** YOUR GOAL **
Restate the following data in its entirety, word for word and without images.
----
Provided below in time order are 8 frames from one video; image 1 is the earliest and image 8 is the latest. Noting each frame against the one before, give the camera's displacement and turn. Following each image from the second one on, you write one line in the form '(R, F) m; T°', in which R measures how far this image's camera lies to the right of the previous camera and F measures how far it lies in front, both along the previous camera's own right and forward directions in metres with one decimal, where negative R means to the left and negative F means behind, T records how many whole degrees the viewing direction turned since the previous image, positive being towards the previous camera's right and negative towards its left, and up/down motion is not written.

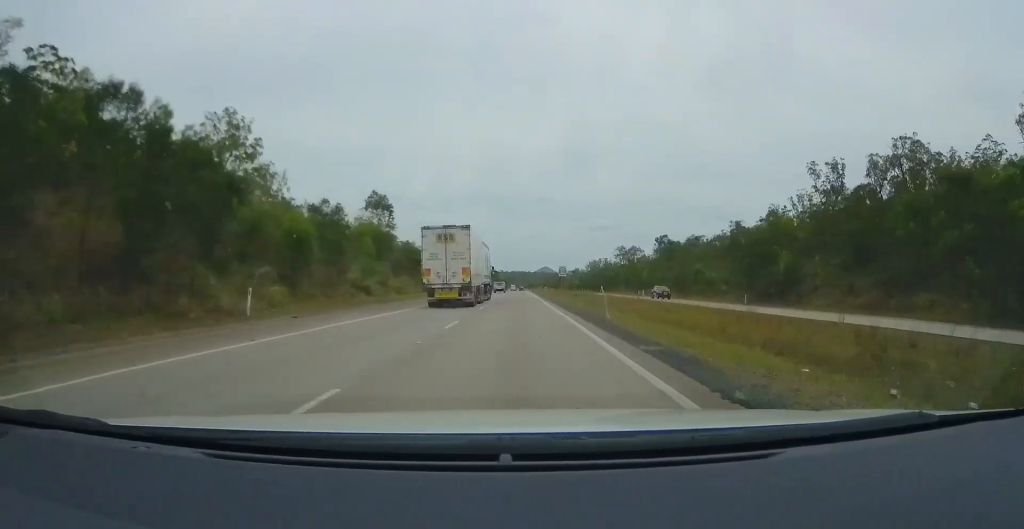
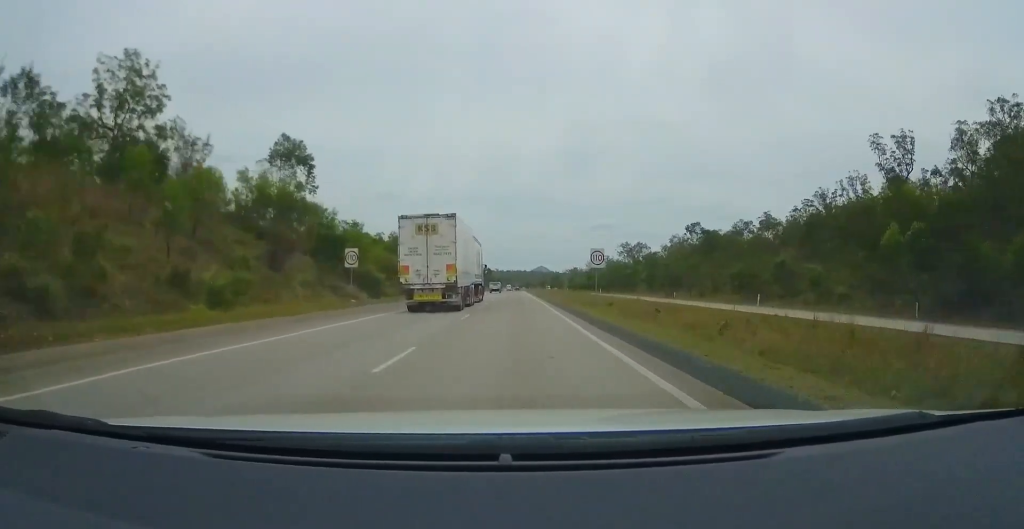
(+0.1, +31.6) m; +1°
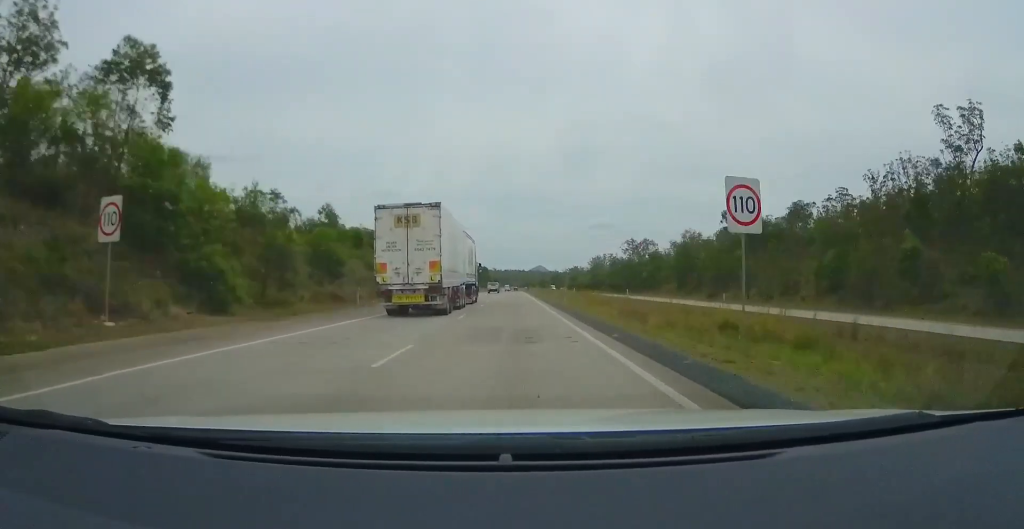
(+0.3, +23.0) m; +1°
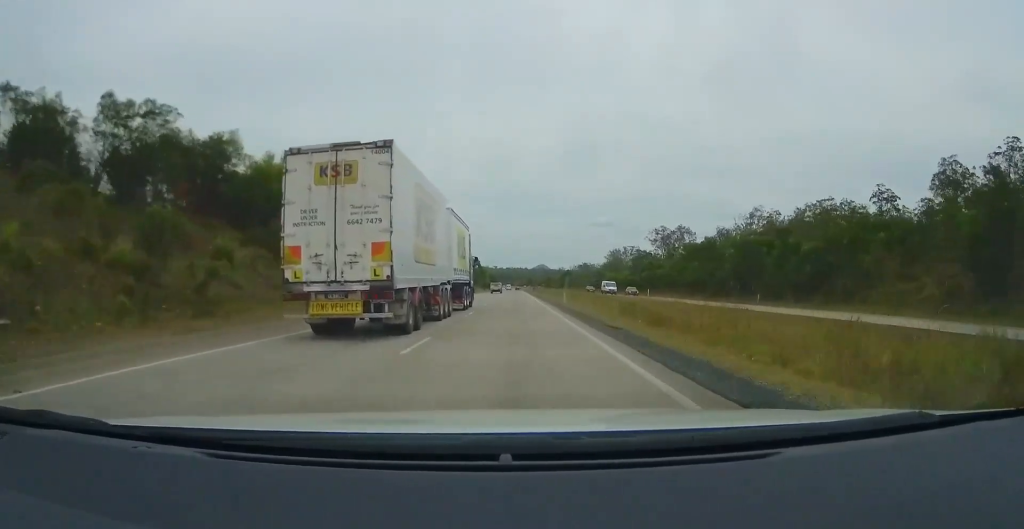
(-0.5, +70.2) m; -1°
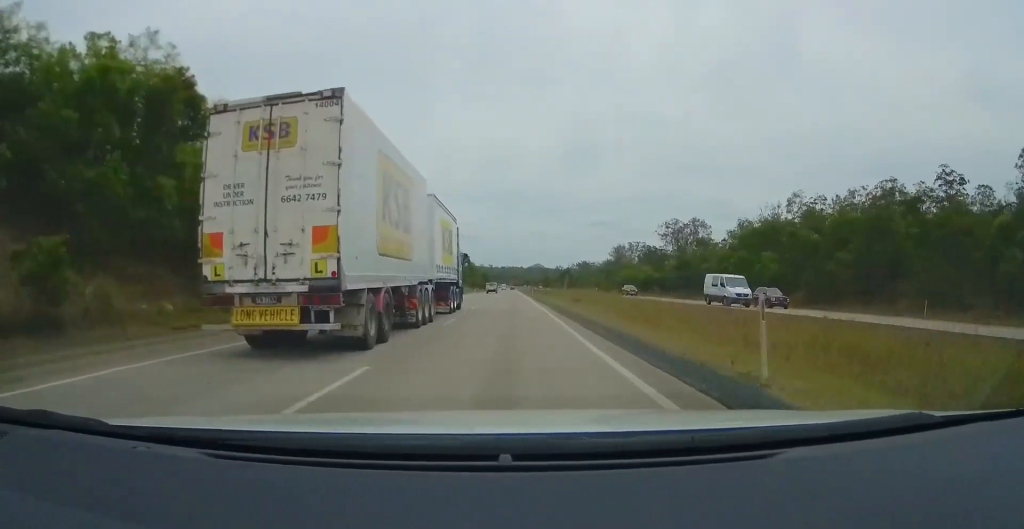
(0.0, +27.8) m; +1°
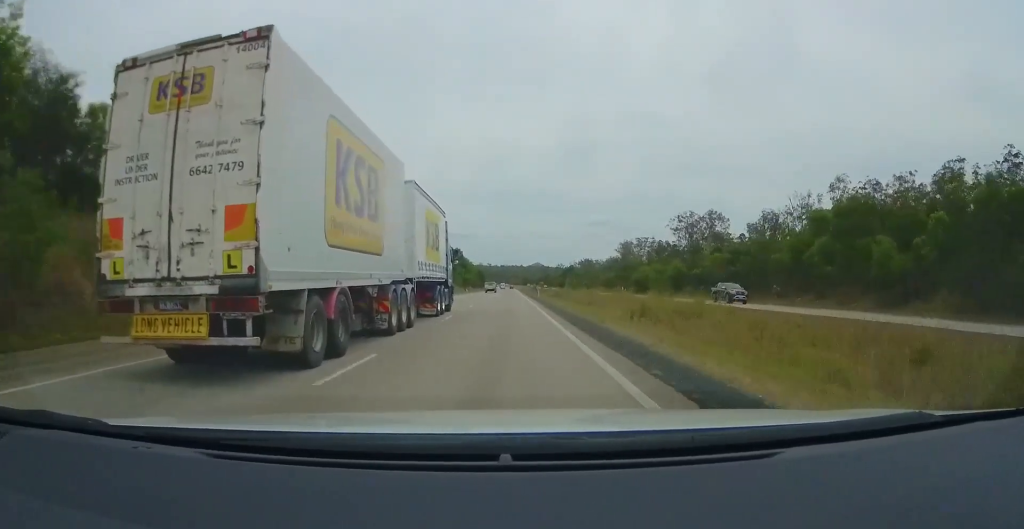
(+0.3, +23.0) m; +1°
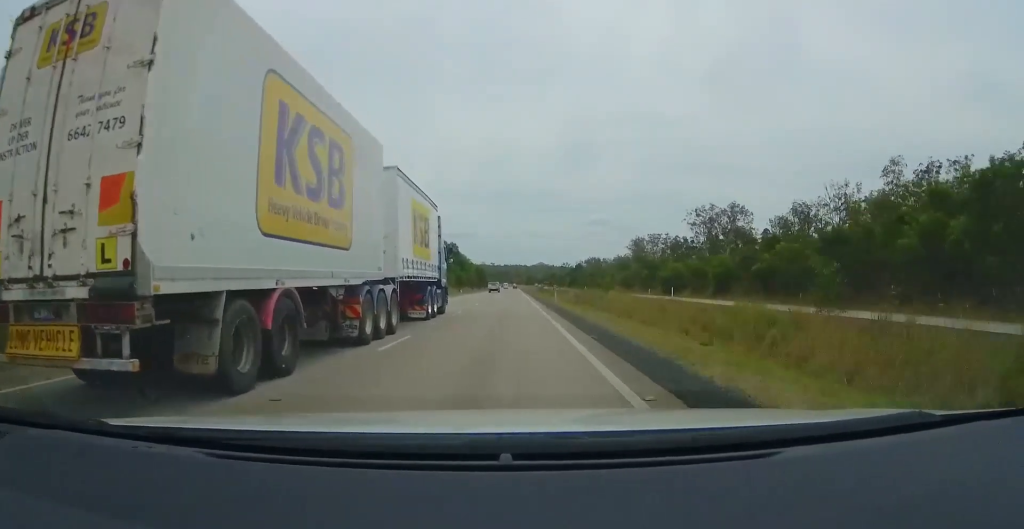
(+0.1, +19.4) m; 0°
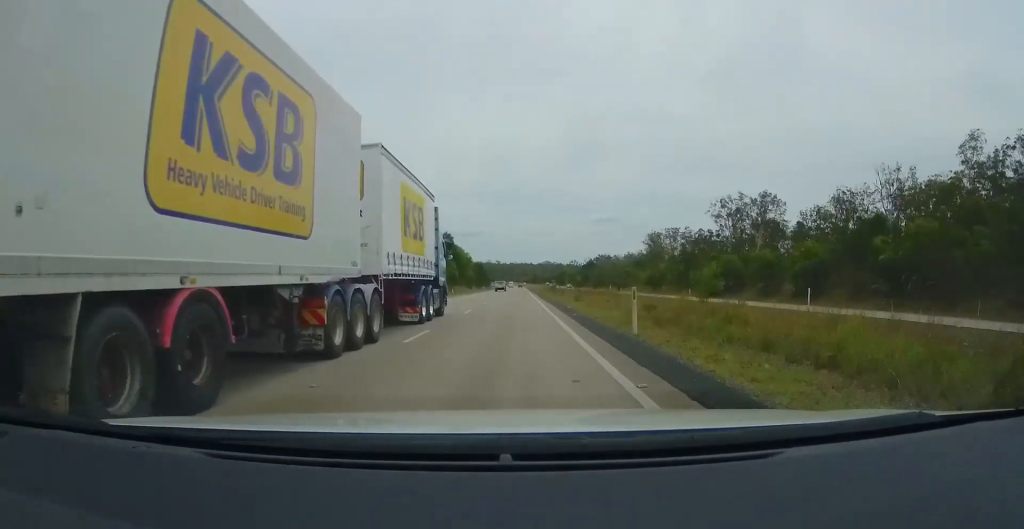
(0.0, +23.1) m; 0°
----
** THE COMPLETED TASK **
Provided below in time order are 8 frames from one video; image 1 is the earliest and image 8 is the latest. Noting each frame against the one before, give the camera's displacement and turn. Following each image from the second one on, you write one line in the form '(R, F) m; T°', in which R measures how far this image's camera lies to the right of the previous camera and F measures how far it lies in front, both along the previous camera's own right and forward directions in metres with one decimal, where negative R means to the left and negative F means behind, T records how many whole degrees the viewing direction turned since the previous image, positive being towards the previous camera's right and negative towards its left, and up/down motion is not written.

(+0.1, +31.6) m; +1°
(+0.3, +23.0) m; +1°
(-0.5, +70.2) m; -1°
(0.0, +27.8) m; +1°
(+0.3, +23.0) m; +1°
(+0.1, +19.4) m; 0°
(0.0, +23.1) m; 0°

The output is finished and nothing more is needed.